Posterior probability that \( \theta_1 \) is bigger than both \( \theta_2 \) and \( \theta_3 \). This can be determined simply by summing the two probabilities \( P(\theta_2<\theta_3<\theta_1) \) and \( P(\theta_3<\theta_2<\theta_1) \).
sum(unlist(rank.probs[c("3,1,2", "3,2,1")]))
## [1] 0.8855
Posterior probability that \( \tilde{Y}_1 \) is bigger than both \( \tilde{Y}_2 \) and \( \tilde{Y}_3 \). This can be determined simply by summing the two probabilities \( P(\tilde{Y}_2<\tilde{Y}_3<\tilde{Y}_1) \) and \( P(\tilde{Y}_3<\tilde{Y}_2<\tilde{Y}_1) \).

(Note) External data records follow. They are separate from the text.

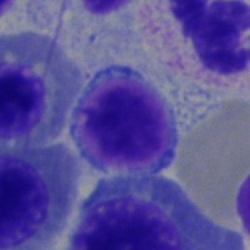 The classification is lymphocyte.
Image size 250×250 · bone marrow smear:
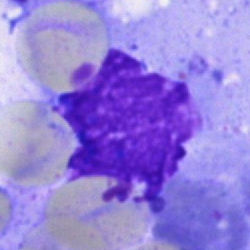

{"cell_type": "artifact"}
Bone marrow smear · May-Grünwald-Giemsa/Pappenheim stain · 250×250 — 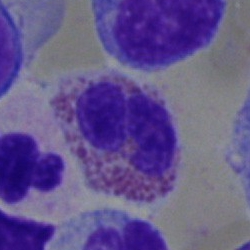 Morphology consistent with an eosinophilic granulocyte.
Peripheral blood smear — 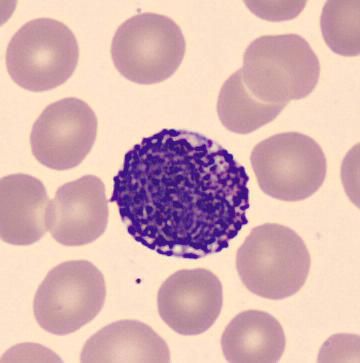

{"cell_type": "basophil", "lineage": "myeloid"}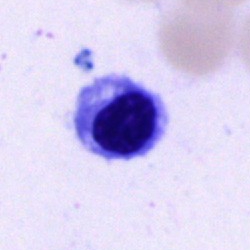Morphology → nucleated red blood cell.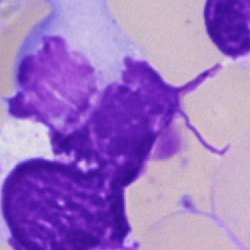
Cell = artifact.
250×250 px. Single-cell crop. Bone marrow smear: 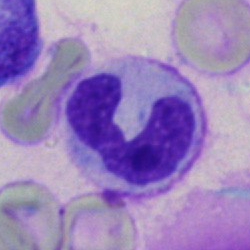
Single cell identified as a polymorphonuclear neutrophil.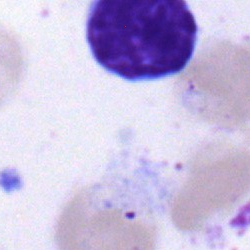

Q: Identify the cell.
A: This is a lymphocyte.
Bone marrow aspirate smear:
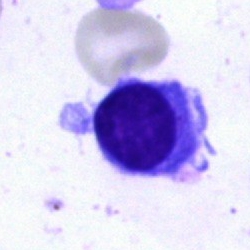 Classification — lymphocyte.
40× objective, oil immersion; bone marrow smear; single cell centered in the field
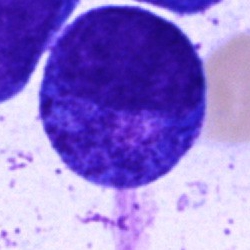 Cell type = promyelocyte.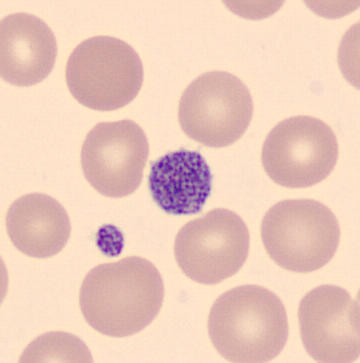 Peripheral blood smear.

Platelet (thrombocyte).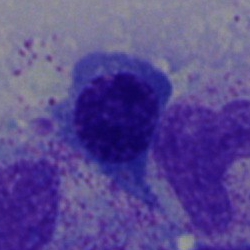 Nucleated red cell.
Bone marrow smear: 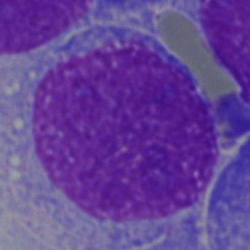 Blast cell.
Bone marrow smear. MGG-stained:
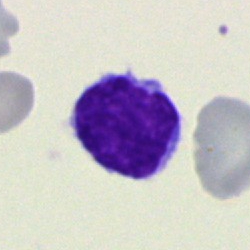

Morphology — typical lymphocyte.
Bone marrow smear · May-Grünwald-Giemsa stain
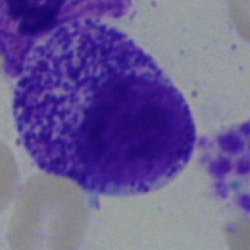The cell shown is a myelocyte.
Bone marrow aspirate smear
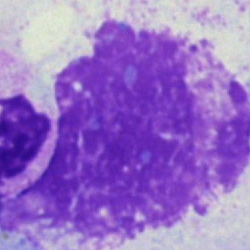 Impression → artifact.
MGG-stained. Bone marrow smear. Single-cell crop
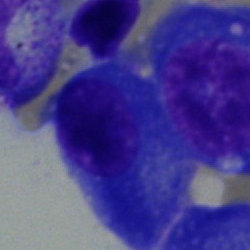

Cell type = plasmacyte.
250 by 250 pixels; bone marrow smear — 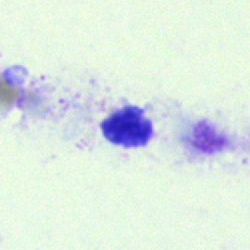

Cell type: artifact.
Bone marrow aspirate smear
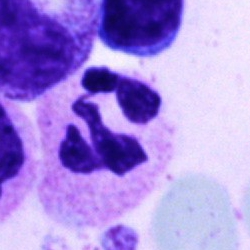 {"cell_type": "polymorphonuclear neutrophil"}
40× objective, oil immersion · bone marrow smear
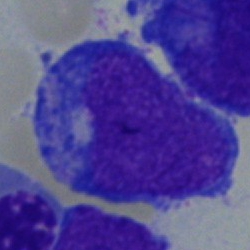
Specimen: bone marrow aspirate smear.
Classification: blast.
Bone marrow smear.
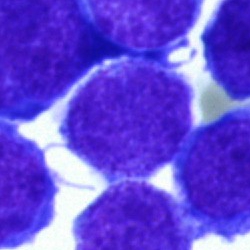

Cell — blast cell.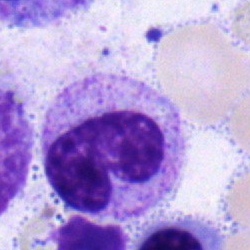The morphological class is band-form neutrophil.
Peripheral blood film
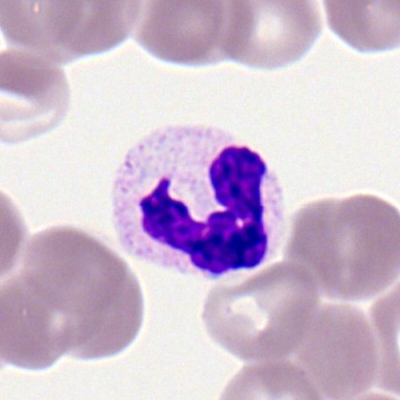

Specimen: peripheral blood film.
Cell: polymorphonuclear neutrophil.
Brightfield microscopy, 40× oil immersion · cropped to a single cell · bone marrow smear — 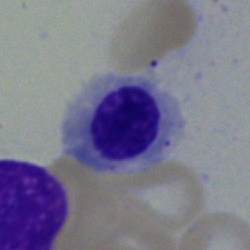Morphological class — normoblast.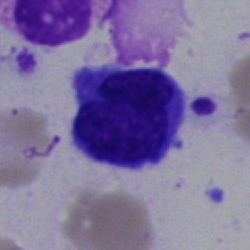 Single-cell crop from a bone marrow smear: lymphocyte.
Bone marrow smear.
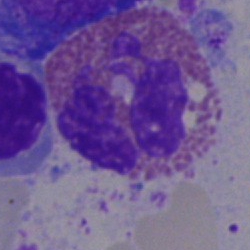Q: What is shown here?
A: Eosinophilic granulocyte.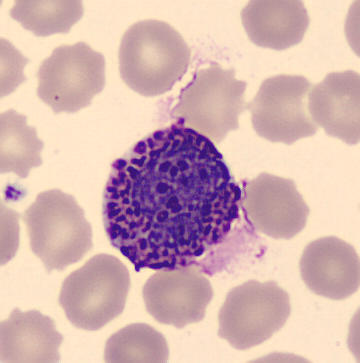
Preparation: Peripheral blood film.
Q: What cell is this?
A: Basophil.
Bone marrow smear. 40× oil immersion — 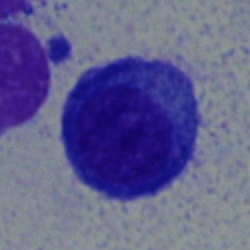Q: Identify the cell.
A: Plasmacyte.
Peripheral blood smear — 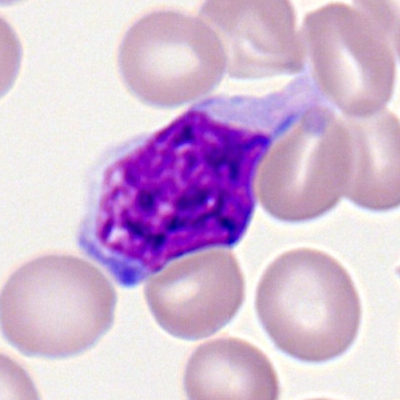 Cell type: lymphocyte.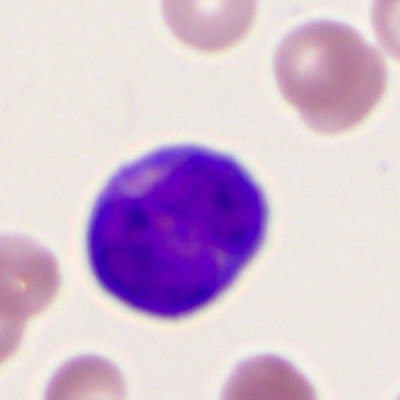
Morphology — myeloid blast.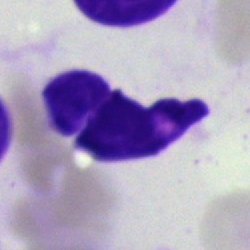

Cell — artefact.
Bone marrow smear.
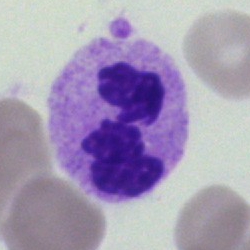
The morphological class is segmented neutrophil.
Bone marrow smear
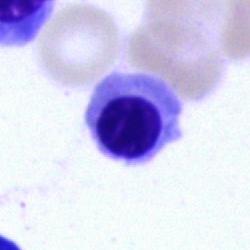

sum(unlist(pred.probs[c("3,1,2", "3,2,1")]))
## [1] 0.469
We are asked to find the 90% credible interval and 90% highest posterior density interval for \( \theta \), and to plot the posterior density along with these intervals. In part (b) we determined that the posterior distribution of \( \theta|\vec{y} \) is a Gamma(10,1012).
# 90% Credible Interval (quantile approach)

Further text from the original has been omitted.